== Segment start ==

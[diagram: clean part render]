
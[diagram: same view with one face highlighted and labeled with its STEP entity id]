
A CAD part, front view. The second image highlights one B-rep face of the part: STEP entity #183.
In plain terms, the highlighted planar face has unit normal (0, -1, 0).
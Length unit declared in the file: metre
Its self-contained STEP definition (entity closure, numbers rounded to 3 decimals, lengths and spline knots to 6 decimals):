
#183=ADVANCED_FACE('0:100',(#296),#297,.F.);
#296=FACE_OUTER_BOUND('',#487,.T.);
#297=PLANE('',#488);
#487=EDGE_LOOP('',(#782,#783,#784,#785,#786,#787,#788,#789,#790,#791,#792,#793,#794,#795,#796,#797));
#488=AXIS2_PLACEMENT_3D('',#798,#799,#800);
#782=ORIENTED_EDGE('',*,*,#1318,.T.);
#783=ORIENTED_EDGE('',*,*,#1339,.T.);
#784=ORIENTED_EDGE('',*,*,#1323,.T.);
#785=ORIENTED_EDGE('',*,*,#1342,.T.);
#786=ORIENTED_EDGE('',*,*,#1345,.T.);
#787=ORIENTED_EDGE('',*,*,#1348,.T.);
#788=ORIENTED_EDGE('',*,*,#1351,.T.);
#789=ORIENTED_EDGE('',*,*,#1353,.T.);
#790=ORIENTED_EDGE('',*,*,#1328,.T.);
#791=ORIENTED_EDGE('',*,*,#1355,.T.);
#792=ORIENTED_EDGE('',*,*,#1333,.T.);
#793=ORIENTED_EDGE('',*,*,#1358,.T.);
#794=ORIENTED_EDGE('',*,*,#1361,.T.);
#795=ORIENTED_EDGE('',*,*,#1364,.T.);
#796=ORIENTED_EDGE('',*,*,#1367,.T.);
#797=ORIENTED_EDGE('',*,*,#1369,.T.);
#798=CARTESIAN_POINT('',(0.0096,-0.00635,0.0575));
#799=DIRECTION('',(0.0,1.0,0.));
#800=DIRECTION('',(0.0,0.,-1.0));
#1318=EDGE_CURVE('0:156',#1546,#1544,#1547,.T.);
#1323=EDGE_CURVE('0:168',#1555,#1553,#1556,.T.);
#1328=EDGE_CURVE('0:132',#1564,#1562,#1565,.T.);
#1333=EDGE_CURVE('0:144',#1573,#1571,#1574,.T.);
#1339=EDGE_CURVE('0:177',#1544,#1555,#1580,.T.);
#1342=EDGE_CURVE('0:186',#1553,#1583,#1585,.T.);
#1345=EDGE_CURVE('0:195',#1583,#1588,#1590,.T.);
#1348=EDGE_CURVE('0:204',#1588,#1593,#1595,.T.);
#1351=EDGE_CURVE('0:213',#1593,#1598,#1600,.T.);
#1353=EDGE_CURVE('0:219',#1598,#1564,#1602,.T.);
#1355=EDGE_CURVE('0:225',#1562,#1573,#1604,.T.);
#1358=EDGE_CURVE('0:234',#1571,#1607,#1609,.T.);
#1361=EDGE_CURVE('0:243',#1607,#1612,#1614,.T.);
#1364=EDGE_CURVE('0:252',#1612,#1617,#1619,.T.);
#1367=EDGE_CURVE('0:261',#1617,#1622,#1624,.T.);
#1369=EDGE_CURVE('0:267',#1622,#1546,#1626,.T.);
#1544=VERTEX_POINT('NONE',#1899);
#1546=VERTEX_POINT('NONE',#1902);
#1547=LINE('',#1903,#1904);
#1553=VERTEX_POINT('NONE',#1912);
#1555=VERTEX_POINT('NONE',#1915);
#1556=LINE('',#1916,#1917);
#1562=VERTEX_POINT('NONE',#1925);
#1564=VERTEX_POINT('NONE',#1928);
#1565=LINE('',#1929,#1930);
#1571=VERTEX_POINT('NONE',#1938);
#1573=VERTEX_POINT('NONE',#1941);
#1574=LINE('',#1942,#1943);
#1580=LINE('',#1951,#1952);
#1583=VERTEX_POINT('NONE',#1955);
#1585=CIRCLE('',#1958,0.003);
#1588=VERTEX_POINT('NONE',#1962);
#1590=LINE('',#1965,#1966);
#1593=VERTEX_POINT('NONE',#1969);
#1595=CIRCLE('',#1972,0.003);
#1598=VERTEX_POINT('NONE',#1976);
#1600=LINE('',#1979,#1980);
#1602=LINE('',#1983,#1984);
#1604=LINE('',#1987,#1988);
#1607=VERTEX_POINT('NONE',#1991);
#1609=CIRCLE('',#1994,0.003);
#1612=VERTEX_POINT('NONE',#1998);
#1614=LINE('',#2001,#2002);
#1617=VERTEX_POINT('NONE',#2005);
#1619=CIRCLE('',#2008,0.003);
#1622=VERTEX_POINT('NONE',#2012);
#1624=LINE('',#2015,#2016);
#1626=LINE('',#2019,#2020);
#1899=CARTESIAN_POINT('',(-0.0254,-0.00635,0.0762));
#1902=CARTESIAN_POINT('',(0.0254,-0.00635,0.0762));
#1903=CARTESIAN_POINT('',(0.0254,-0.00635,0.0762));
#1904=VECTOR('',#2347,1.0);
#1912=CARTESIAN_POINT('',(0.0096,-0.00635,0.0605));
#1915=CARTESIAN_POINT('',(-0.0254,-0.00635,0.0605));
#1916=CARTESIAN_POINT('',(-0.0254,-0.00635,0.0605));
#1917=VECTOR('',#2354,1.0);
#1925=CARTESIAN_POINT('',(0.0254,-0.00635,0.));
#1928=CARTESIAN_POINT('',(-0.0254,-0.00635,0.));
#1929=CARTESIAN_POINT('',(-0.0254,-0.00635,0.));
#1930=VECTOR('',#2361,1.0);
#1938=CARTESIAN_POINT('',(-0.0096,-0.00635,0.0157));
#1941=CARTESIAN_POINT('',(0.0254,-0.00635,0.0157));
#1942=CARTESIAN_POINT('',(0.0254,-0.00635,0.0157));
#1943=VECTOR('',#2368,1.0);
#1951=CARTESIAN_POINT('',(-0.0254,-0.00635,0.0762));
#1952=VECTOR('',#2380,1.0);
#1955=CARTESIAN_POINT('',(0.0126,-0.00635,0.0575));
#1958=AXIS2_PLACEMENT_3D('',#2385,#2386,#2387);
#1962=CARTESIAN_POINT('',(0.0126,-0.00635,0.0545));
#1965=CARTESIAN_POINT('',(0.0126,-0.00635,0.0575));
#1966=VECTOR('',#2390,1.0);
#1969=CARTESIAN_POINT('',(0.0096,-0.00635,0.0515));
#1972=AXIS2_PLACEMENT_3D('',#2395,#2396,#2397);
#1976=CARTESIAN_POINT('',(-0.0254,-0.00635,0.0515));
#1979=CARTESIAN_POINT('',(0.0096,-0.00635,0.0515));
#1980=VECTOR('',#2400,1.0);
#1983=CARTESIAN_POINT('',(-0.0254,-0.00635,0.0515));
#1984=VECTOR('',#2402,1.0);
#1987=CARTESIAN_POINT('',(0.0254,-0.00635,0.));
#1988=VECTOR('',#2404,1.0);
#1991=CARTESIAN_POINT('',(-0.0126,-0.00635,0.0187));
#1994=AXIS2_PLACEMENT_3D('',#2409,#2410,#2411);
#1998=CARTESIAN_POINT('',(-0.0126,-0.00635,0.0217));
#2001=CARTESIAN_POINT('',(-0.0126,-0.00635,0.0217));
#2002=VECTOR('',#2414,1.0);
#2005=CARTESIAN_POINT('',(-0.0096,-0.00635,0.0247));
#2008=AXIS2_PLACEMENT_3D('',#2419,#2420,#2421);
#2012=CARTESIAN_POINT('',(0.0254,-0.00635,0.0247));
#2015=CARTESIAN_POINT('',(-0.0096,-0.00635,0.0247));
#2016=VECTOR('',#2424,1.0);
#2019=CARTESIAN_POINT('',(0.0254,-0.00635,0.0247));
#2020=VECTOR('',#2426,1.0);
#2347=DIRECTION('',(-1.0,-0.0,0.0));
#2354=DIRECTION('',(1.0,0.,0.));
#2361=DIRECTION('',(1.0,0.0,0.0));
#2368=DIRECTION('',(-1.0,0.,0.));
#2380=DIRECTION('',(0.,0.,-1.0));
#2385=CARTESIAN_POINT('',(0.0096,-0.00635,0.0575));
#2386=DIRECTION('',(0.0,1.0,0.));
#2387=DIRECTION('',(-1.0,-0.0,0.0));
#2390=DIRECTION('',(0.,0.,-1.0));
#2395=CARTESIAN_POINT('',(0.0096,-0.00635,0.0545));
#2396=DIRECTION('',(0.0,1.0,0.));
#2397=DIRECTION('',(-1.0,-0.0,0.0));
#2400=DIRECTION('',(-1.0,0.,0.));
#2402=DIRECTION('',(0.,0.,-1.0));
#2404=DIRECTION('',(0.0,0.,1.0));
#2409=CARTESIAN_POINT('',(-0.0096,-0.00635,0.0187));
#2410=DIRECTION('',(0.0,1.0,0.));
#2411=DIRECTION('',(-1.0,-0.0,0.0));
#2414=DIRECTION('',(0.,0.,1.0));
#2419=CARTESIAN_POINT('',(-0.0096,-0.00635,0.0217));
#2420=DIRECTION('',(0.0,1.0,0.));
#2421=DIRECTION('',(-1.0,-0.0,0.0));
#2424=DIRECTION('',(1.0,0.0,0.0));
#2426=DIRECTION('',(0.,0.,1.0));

== Segment end ==

Work item:
Nothing but the lines above from the one containing "#1607=VERTEX_POINT('NONE',#1991);" through the one containing "#1929=CARTESIAN_POINT('',(-0.0254,-0.00635,0.));" should appear in the answer, each repeated exactly.

Solution to this problem:
#1607=VERTEX_POINT('NONE',#1991);
#1609=CIRCLE('',#1994,0.003);
#1612=VERTEX_POINT('NONE',#1998);
#1614=LINE('',#2001,#2002);
#1617=VERTEX_POINT('NONE',#2005);
#1619=CIRCLE('',#2008,0.003);
#1622=VERTEX_POINT('NONE',#2012);
#1624=LINE('',#2015,#2016);
#1626=LINE('',#2019,#2020);
#1899=CARTESIAN_POINT('',(-0.0254,-0.00635,0.0762));
#1902=CARTESIAN_POINT('',(0.0254,-0.00635,0.0762));
#1903=CARTESIAN_POINT('',(0.0254,-0.00635,0.0762));
#1904=VECTOR('',#2347,1.0);
#1912=CARTESIAN_POINT('',(0.0096,-0.00635,0.0605));
#1915=CARTESIAN_POINT('',(-0.0254,-0.00635,0.0605));
#1916=CARTESIAN_POINT('',(-0.0254,-0.00635,0.0605));
#1917=VECTOR('',#2354,1.0);
#1925=CARTESIAN_POINT('',(0.0254,-0.00635,0.));
#1928=CARTESIAN_POINT('',(-0.0254,-0.00635,0.));
#1929=CARTESIAN_POINT('',(-0.0254,-0.00635,0.));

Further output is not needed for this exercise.